4827 Dares

Discovery
- Discovered by: C. Shoemaker
- Discovery site: Palomar Obs.
- Discovery date: 17 August 1988

Designations
- Pronunciation: /ˈdɛəriːz/
- Named after: Dares (Greek mythology)
- Alternative designations: 1988 QE
- Minor planet category: Jupiter trojan Trojan · background
- Adjectives: Daretian

Orbital characteristics
- Epoch 23 March 2018 (JD 2458200.5)
- Uncertainty parameter 0
- Observation arc: 63.49 yr (23,191 d)
- Aphelion: 5.3517 AU
- Perihelion: 4.8903 AU
- Semi-major axis: 5.1210 AU
- Eccentricity: 0.0451
- Orbital period (sidereal): 11.59 yr (4,233 d)
- Mean anomaly: 119.05°
- Mean motion: 0° 5^{m} 6.36^{s} / day
- Inclination: 7.7056°
- Longitude of ascending node: 242.04°
- Argument of perihelion: 170.69°
- Jupiter MOID: 0.0037 AU
- T_{Jupiter}: 2.9800

Physical characteristics
- Mean diameter: 42.77±0.26 km 44.22 km (calculated)
- Synodic rotation period: 18.995±0.028 h
- Geometric albedo: 0.057 (assumed) 0.067±0.007
- Spectral type: D (Pan-STARRS) D (SDSS-MOC)
- Absolute magnitude (H): 10.4 10.5 10.88±0.01

= 4827 Dares =

Trojan asteroid

4827 Dares /ˈdɛəriːz/ is a larger Jupiter trojan from the Trojan camp, approximately 43 km in diameter. It was discovered on 17 August 1988 by American astronomer Carolyn Shoemaker at the Palomar Observatory in California. The dark D-type asteroid has a rotation period of 19.0 hours. It was named after Dares from Greek mythology.

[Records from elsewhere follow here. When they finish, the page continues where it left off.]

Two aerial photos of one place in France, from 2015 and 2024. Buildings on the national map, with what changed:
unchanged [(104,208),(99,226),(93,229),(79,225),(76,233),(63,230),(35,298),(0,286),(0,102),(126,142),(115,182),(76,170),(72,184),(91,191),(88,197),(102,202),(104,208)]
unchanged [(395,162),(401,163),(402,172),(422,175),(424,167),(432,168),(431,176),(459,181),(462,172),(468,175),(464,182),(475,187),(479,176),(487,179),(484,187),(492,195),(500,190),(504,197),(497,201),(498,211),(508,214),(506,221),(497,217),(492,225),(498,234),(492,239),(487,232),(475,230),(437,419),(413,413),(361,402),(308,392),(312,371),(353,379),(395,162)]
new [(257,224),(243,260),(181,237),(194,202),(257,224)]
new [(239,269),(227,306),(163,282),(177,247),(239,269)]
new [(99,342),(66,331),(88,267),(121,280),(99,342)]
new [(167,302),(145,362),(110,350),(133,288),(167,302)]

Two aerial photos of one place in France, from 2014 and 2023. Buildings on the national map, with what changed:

== Orbit and classification ==

Dares is a dark Jovian asteroid in a 1:1 orbital resonance with Jupiter. It is located in the trailering Trojan camp at the Gas Giant's Lagrangian point, 60° behind on its orbit . It is also a non-family asteroid of the Jovian background population. It orbits the Sun at a distance of 4.9–5.4 AU once every 11 years and 7 months (4,233 days; semi-major axis of 5.12 AU). Its orbit has an eccentricity of 0.05 and an inclination of 8° with respect to the ecliptic.

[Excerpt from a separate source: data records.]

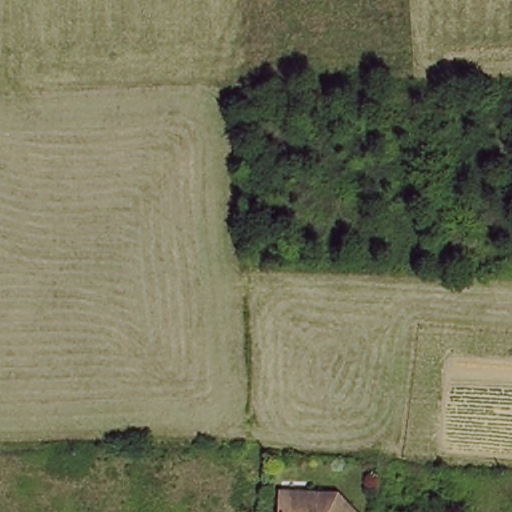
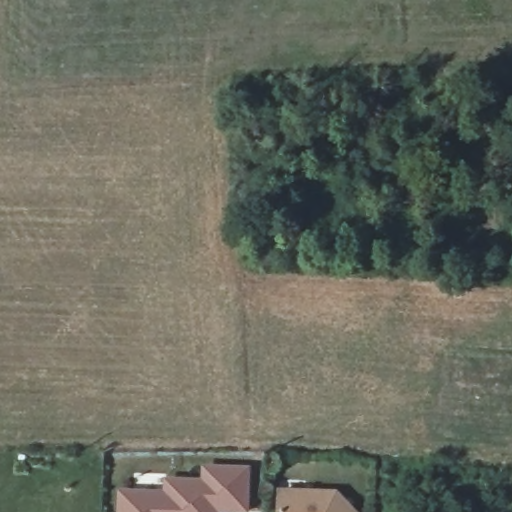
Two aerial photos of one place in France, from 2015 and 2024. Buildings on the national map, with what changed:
new [(161,493),(164,478),(201,480),(201,466),(249,467),(249,512),(117,512),(118,491),(161,493)]
unchanged [(286,485),(336,487),(360,512),(284,512),(286,485)]

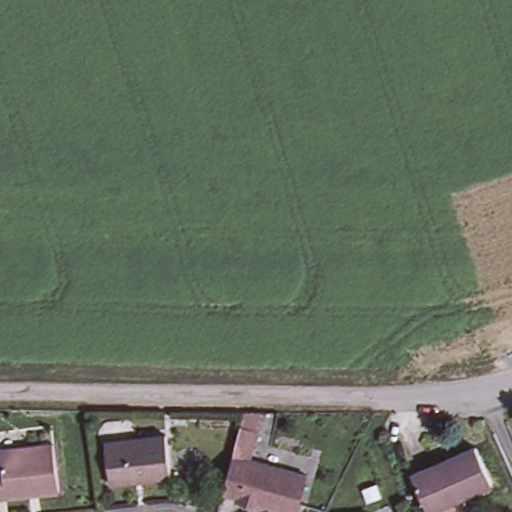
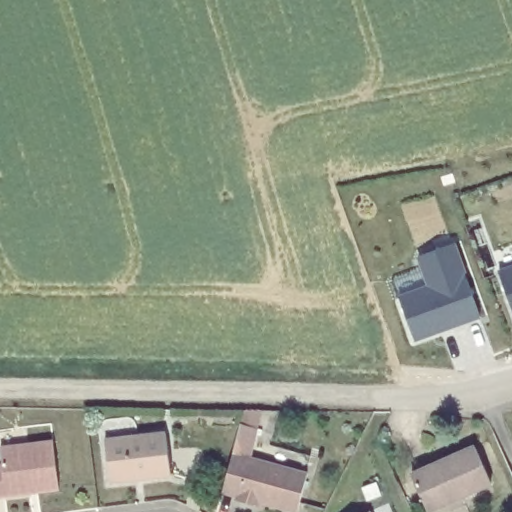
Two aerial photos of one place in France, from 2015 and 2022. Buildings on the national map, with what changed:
new [(415,342),(399,299),(429,288),(419,258),(454,244),(481,318),(452,328),(442,332),(415,342)]
new [(512,267),(512,310),(498,272),(512,267)]
unchanged [(232,497),(233,493),(219,489),(229,451),(237,420),(253,424),(246,456),(298,469),(289,507),(256,499),(255,503),(248,501),(232,497)]
unchanged [(104,441),(165,434),(169,476),(108,482),(104,441)]
unchanged [(50,443),(55,491),(2,497),(0,497),(0,449),(50,443)]
unchanged [(476,449),(491,486),(429,512),(428,512),(413,477),(476,449)]

The body's observation arc begins with a precovery at Palomar in November 1954, almost 34 years prior to its official discovery observation.

== Physical characteristics ==

In the SDSS-based taxonomy, Dares is a dark D-type asteroid. It is also characterized as a D-type by Pan-STARRS' survey.

=== Rotation period ===

In February 1994, a rotational lightcurve of Dares was obtained over five nights of observation by Stefano Mottola and Anders Erikson using the ESO 1-metre telescope at La Silla Observatory in Chile. Lightcurve analysis showed a well-defined rotation period of 18.995±0.028 hours with a brightness variation of 0.24 magnitude (U=3).

In October 2013, photometric observations in the R-band by astronomers at the Palomar Transient Factory in California gave a concurring period of 18.967 hours with an amplitude of 0.23 magnitude (U=2).

=== Diameter and albedo ===

According to the survey carried out by the NEOWISE mission of NASA's Wide-field Infrared Survey Explorer, Dares measures 42.77 kilometers in diameter and its surface has an albedo of 0.067, while the Collaborative Asteroid Lightcurve Link assumes a standard albedo for a carbonaceous asteroid of 0.057 and calculates a diameter of 44.22 kilometers based on an absolute magnitude of 10.5.

== Naming ==

This minor planet was named by the discoverer from Greek mythology after the Trojan Dares, one of Aeneas' wandering companions (Aeneads) who were not killed or enslaved by the end of the Trojan War. The official naming citation was published by the Minor Planet Center on 25 August 1991 (M.P.C. 18647).